Role
- Product Designer
- Developer
Timeline
- October 2025 - December 2025
Skills
- Design Research
- Product Design
- Hardware Prototyping
- Computer Vision
Technologies
- SvelteKit
- Tailwind
- OpenCV
- FastAPI
- Supabase
- FastAPI
- Python
- Raspberry Pi
Overview
A retrofit device that brings embroidery capability to any sewing machine, reducing the barrier of entry to mending clothes.
I worked in a team of 4 to research, design and develop this digital + physical product design project, completed as part of my Master's in Design Engineering program at Harvard University. My responsibilities centered around designing and developing the mobile experience, as well as writing software to send embroidery instructions to our device.
Problem Statements
The average consumer throws away 81.5 lbs of clothes a year.
10% of of global carbon emissions are caused by the textile industry.
85% of all donated clothes in the United States still end up in landfills and incinerators creating over 11 million tons of textile waste per year.
Key Insights
Extending the average garment’s life by nine months can cause a 20% reduction in its carbon and water footprint.
There is a renewed interest in visible mending practices and the right to repair.
The cheapest consumer embroidery machine costs $400+, while there is a surplus of sewing machines on the second hand market.
Approach
How can we build a device that lowers the barrier of entry to mending clothes through embroidery without automating away the meaning derived from manual effort?
We built a retrofit device using an off the shelf, inexpensive cartesian plotter with a CNC micro-controller, controlled using a Raspberry Pi, that can be attached to any existing mechanical sewing machine to add embroidery functionality.
The device is controlled by a mobile application, Memory Mend, that allows uses to embed memories in the form of photos, videos, text and other media to generate a unique embroidery pattern. The patterns are scannable, allowing users to "unlock" the embedded memory by taking a photo with their phone.
Both the software and hardware products are intended to work together to create an intentional experience that aims to (re)build the human capacity for repair by lowering the barrier of entry to mending clothes through embroidery, while also creating a meaningful way to preserve and share memories associated with clothing to help extend their life.
Solution
Hardware
The device is split into two main parts: once houses the X-Y plotter and CNC micro-controller which sends signals to the the second which contains a Raspberry Pi, a DC motor and a Hall Effect sensor to control the needle movement of the sewing machine. I wrote Python code that translated the embroidery pattern into G-code instructions that the CNC micro-controller could understand to move the plotter in the X-Y plane.
Render of the Memory Mend retrofit device next to a sewing machine.
Final working prototype of the Memory Mend retrofit device.
Software
Starting a Memory Mend
Capture a photo and detect the damaged area using the built in YOLOv8 based damage detection computer vision model.
Embedding Memory & Pattern Generation
Input text, photos, videos or other medias associated with the garment to generate a unique pattern.
Scanning a Memory Mend
Scanning the embroidery pattern to unlock the embedded memory.
Process
Hardware
We undertook an iterative prototyping process to arrive at the final device, which involved using off the shelf components to rapidly test various configurations.
Software
Embedding Memories
When surveying users, the majority of people mentioned the primariry reason they hung onto old or damaged clothes was due to the memories associated with them.
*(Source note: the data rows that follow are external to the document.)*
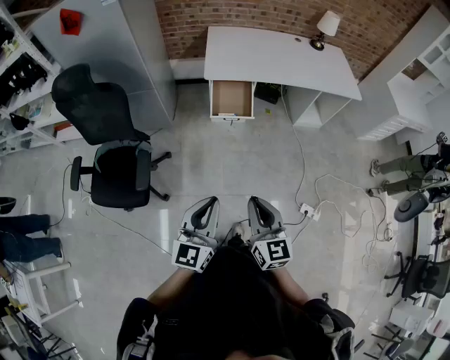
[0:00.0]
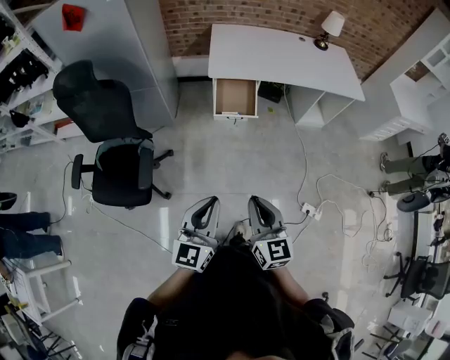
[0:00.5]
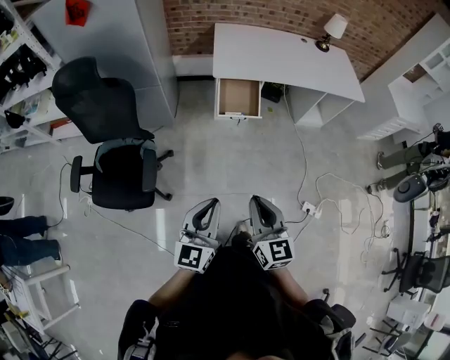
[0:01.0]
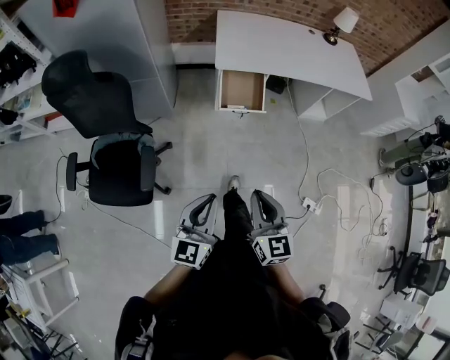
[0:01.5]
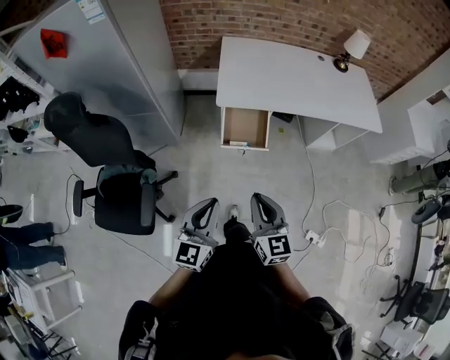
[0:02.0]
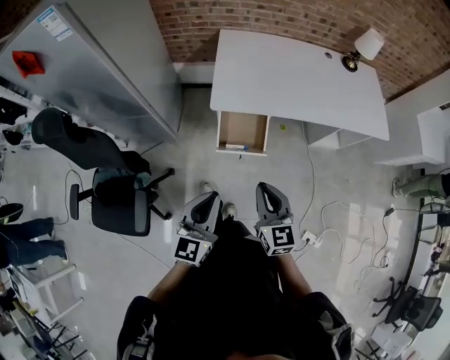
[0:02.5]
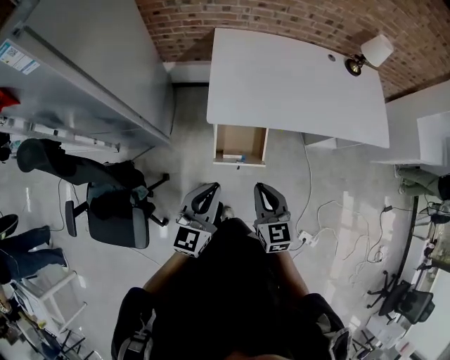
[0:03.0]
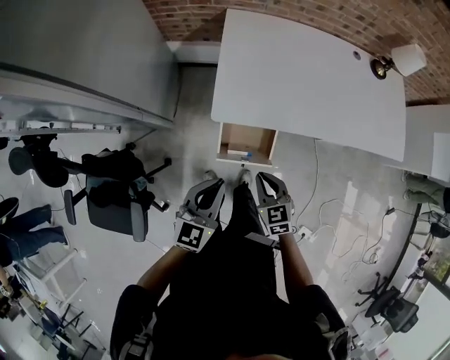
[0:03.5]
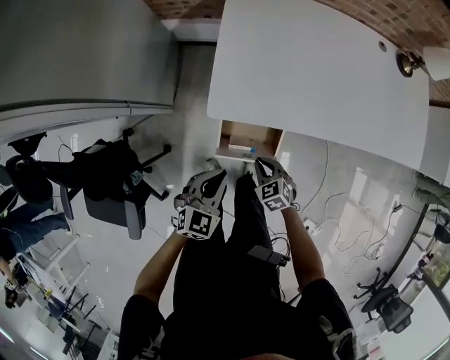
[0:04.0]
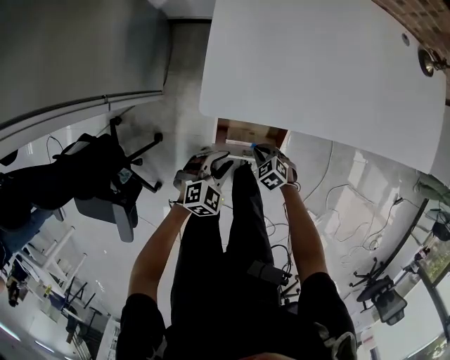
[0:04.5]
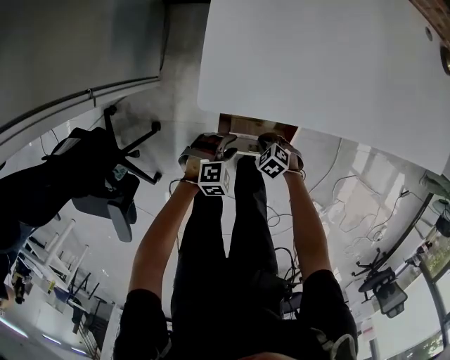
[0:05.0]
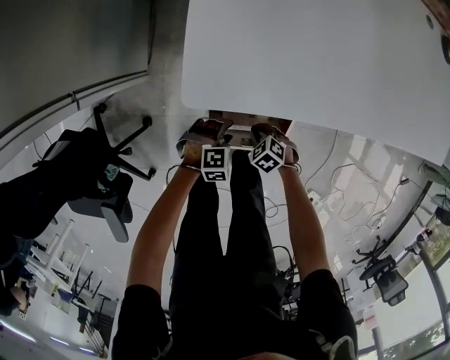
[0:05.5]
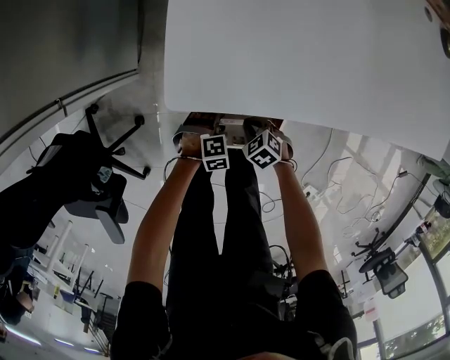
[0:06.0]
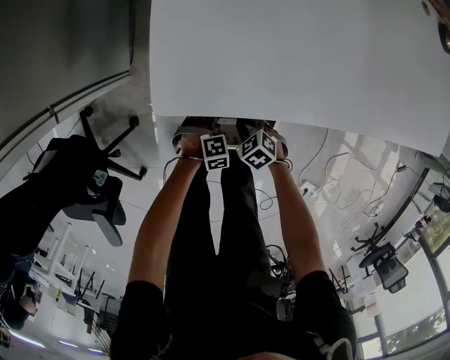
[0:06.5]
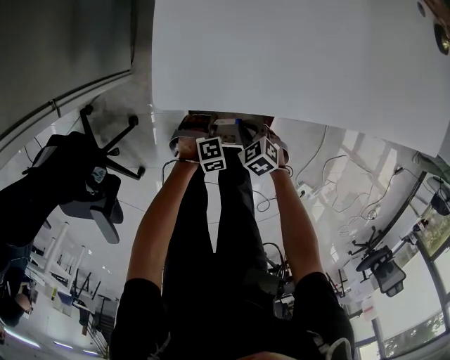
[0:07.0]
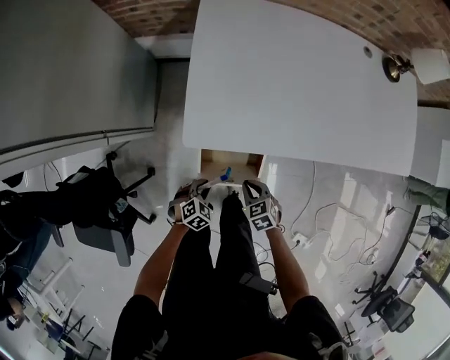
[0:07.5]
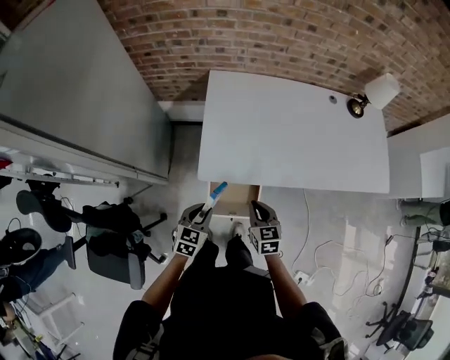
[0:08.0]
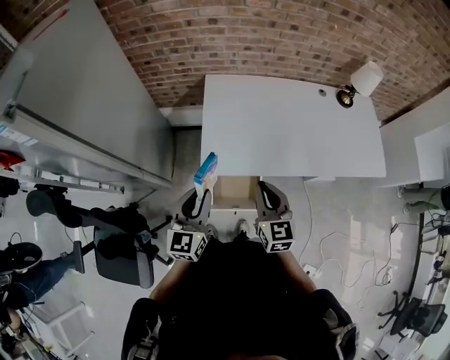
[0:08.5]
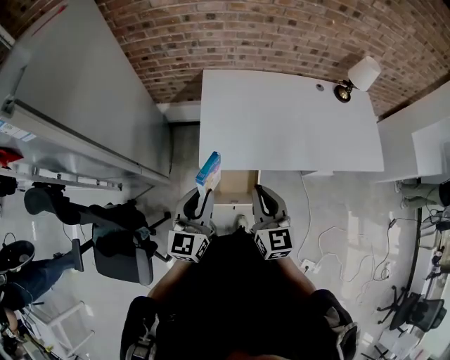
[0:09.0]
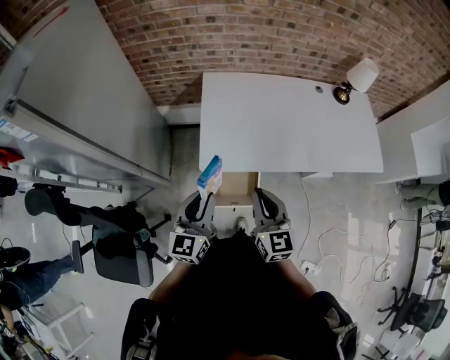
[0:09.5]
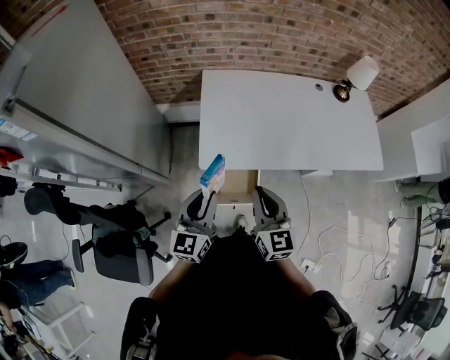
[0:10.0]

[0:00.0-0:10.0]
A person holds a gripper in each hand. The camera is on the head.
0:00.0 to 0:02.0: Both grippers move forward, roughly 25 cm.
0:02.0 to 0:04.0: The grippers both shift forward and downward by some 50 cm. The right gripper angles its fingers downward, by approximately 40 degrees. The left gripper rotates some 30 degrees.
0:04.0 to 0:06.0: The right gripper goes some 25 cm downward, and rotates approximately 20 degrees. Meanwhile the left gripper travels downward by approximately 40 cm, points its fingers approximately 40 degrees further downward, and opens its fingers.
0:06.0 to 0:08.0: The grippers both shift upward by about 40 cm. The left gripper tilts its fingers roughly 40 degrees upward, and closes its fingers, while the right gripper points its fingers about 30 degrees further upward.
0:08.0 to 0:10.0: The two grippers go some 20 cm upward. The right gripper rotates some 30 degrees. The left gripper points its fingers some 30 degrees further upward.

At the same time, as we talked to practitioners and experts, it became apparent that simply allowing the user to input any image or pattern to be embroidered as the default experience would cheapen the experience, since the project was focused on mending and much of the meaning derived from mending clothes is from the manual effort and time spent doing it. Withb both of these insights in mind, we came up with the idea of concept of memories into the patterns themselves and allowing users to scan or generate these unique patters, similar to QR codes but with a design inspired by traditional repair patterns.
Early sketches exploring various flows within the app.
Pattern Generation
The pattern is generated by hashing the contents of the memory media (photos, videos, text) to generate a unique 6 digit id. Each digit of the id is then converted into binary, with 0s and 1s representing whether a square in a 7x7 grid is stitched.
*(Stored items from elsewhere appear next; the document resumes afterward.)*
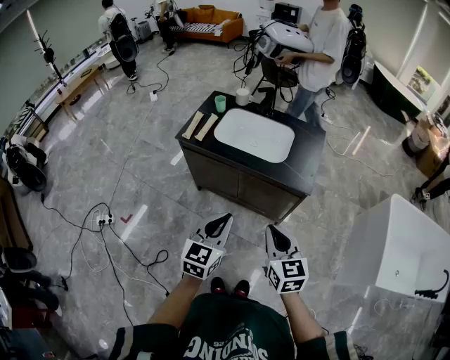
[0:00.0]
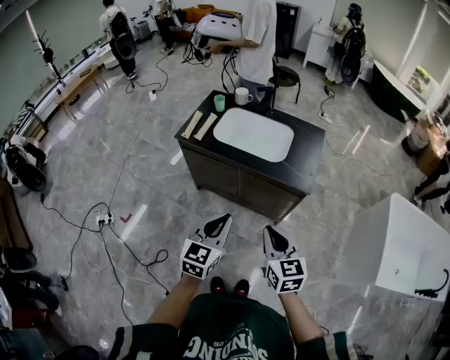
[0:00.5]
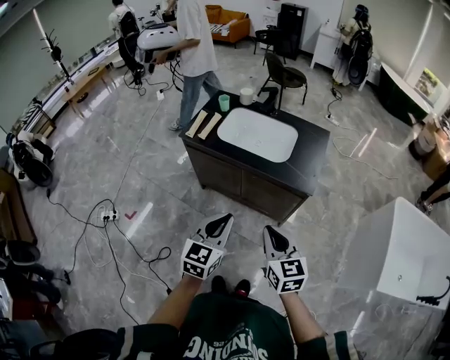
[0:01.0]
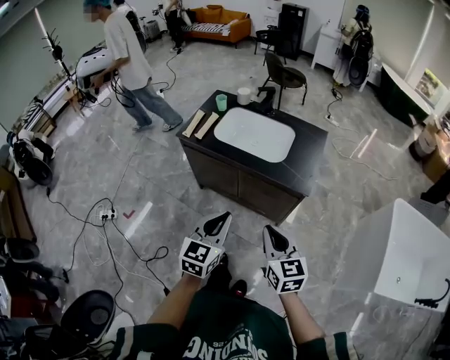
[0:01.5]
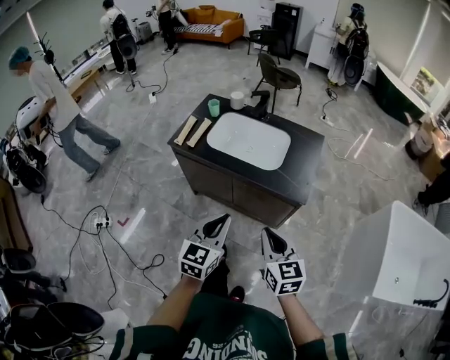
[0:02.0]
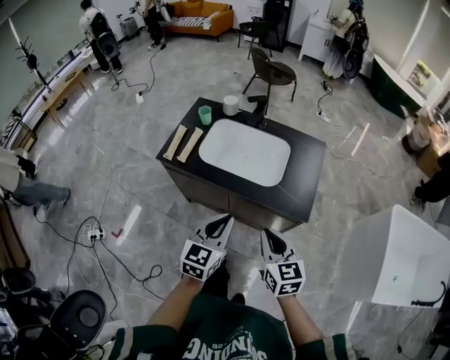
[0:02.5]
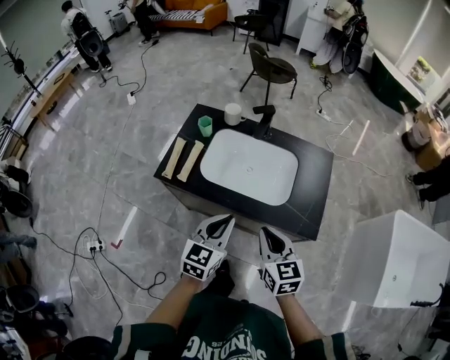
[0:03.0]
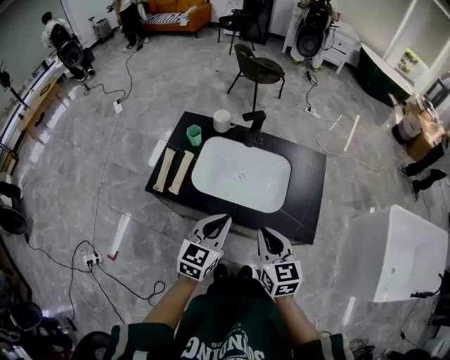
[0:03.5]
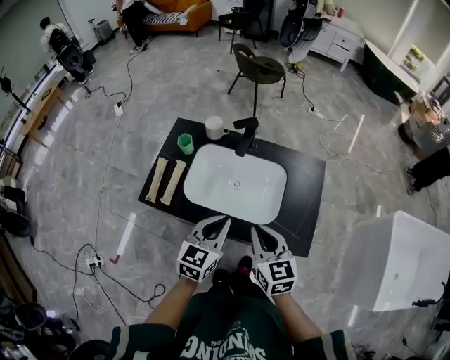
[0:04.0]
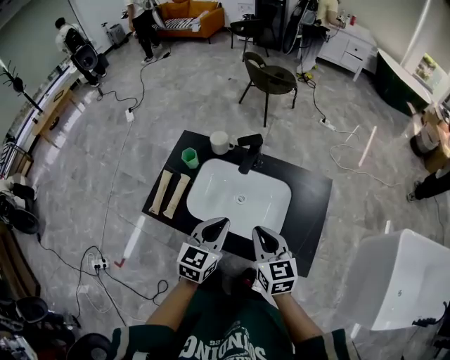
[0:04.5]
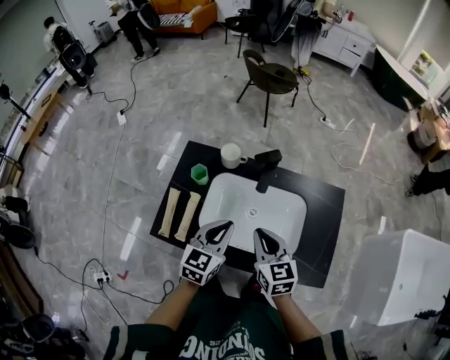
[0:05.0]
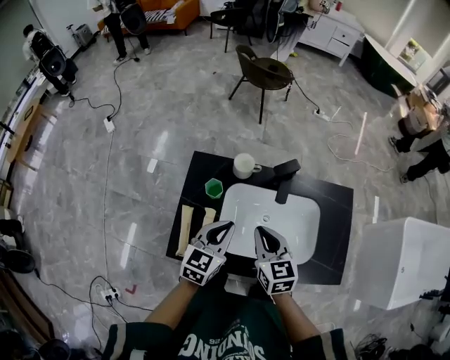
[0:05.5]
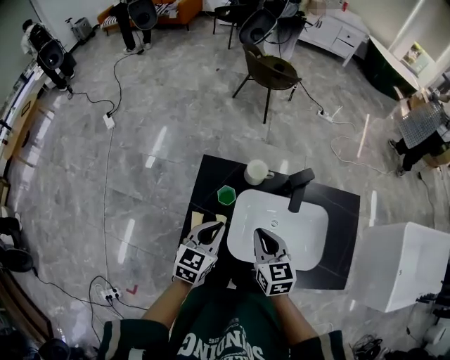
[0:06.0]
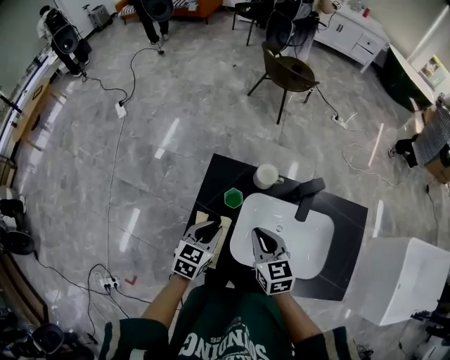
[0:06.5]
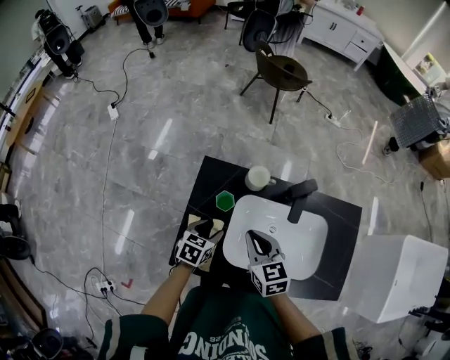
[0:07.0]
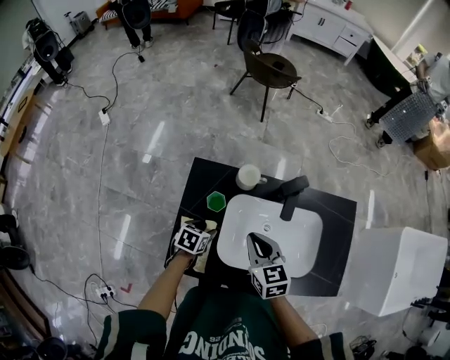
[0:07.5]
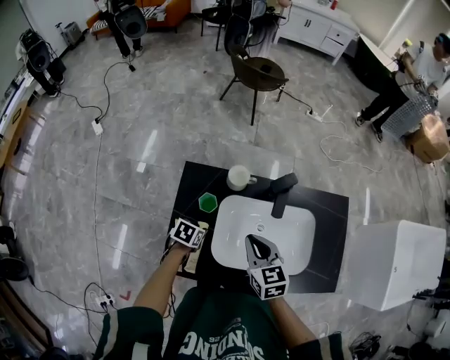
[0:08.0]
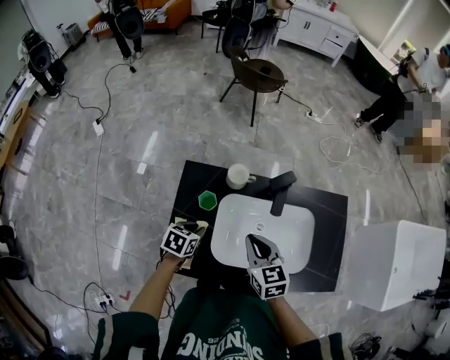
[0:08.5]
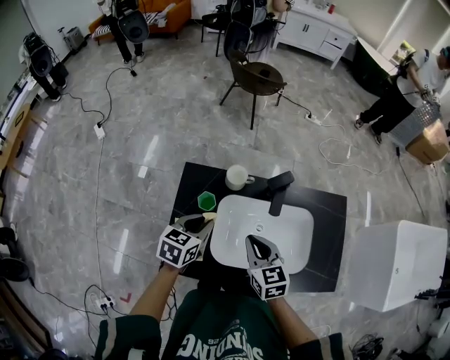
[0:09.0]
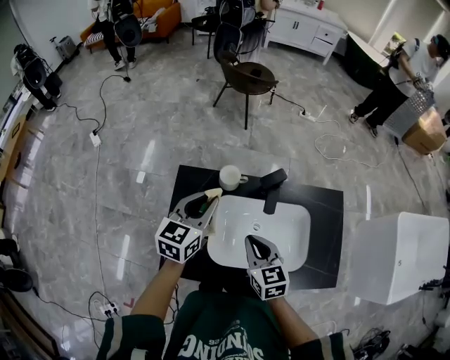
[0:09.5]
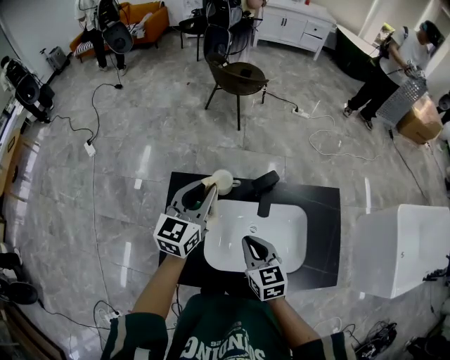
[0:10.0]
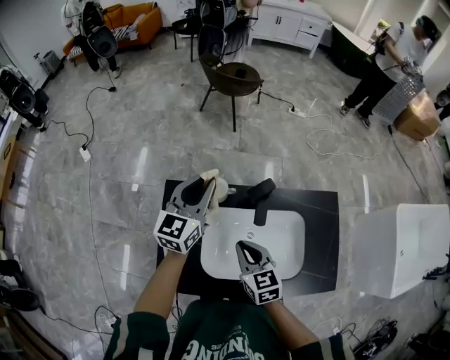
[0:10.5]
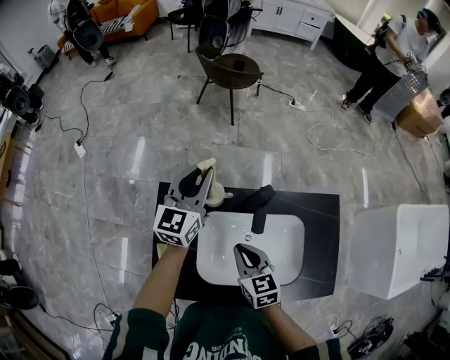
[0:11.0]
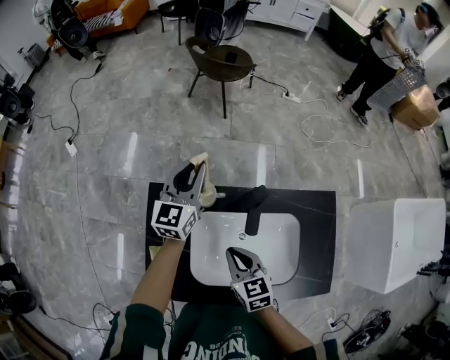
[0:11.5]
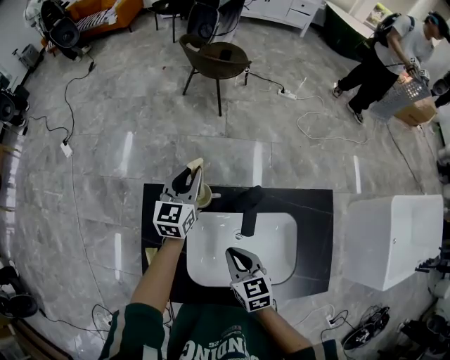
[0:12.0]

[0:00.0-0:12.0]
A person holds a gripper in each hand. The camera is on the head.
0:00.0 to 0:02.0: The right gripper changes place by some 5 cm, while the left gripper heads forward, covering approximately 5 cm.
0:02.0 to 0:04.0: The two grippers go about 30 cm forward.
0:04.0 to 0:06.0: Both grippers move to the left and forward, about 30 cm.
0:06.0 to 0:08.0: The left gripper moves downward, roughly 20 cm, tips its fingers downward by about 40 degrees, and opens its fingers.
0:08.0 to 0:10.0: The left gripper shifts about 35 cm upward and forward, and angles its fingers upward, by roughly 50 degrees.
0:10.0 to 0:12.0: The right gripper heads downward, covering some 5 cm. The left gripper travels forward and downward by approximately 20 cm.

Diagram of memory encoding and decoding process.
Hardware + Software
The biggest challenge was syncing the movement of the cartesian plotter in the XY plane with the sewing machine needle's up and down motion in the Z plane. The X-Y movement had to complete while the needle was above the fabric, to prevent ripping. To accomplish this, we used a hall effect sensor along with a magnet attached to the sewing machine wheel that detected the timing cycle of the sewing machine, and sent signals to the Raspberry Pi, which in turn communicated with the cartesian plotter.

Reflection & Next Steps
We presented the project to a number of textile experts, researchers and designers and were met with positive feedback.
Next steps for the project include refining the hardware design to make it more compact and user-friendly, as well as expanding the software capabilities to include more customization options for embroidery patterns.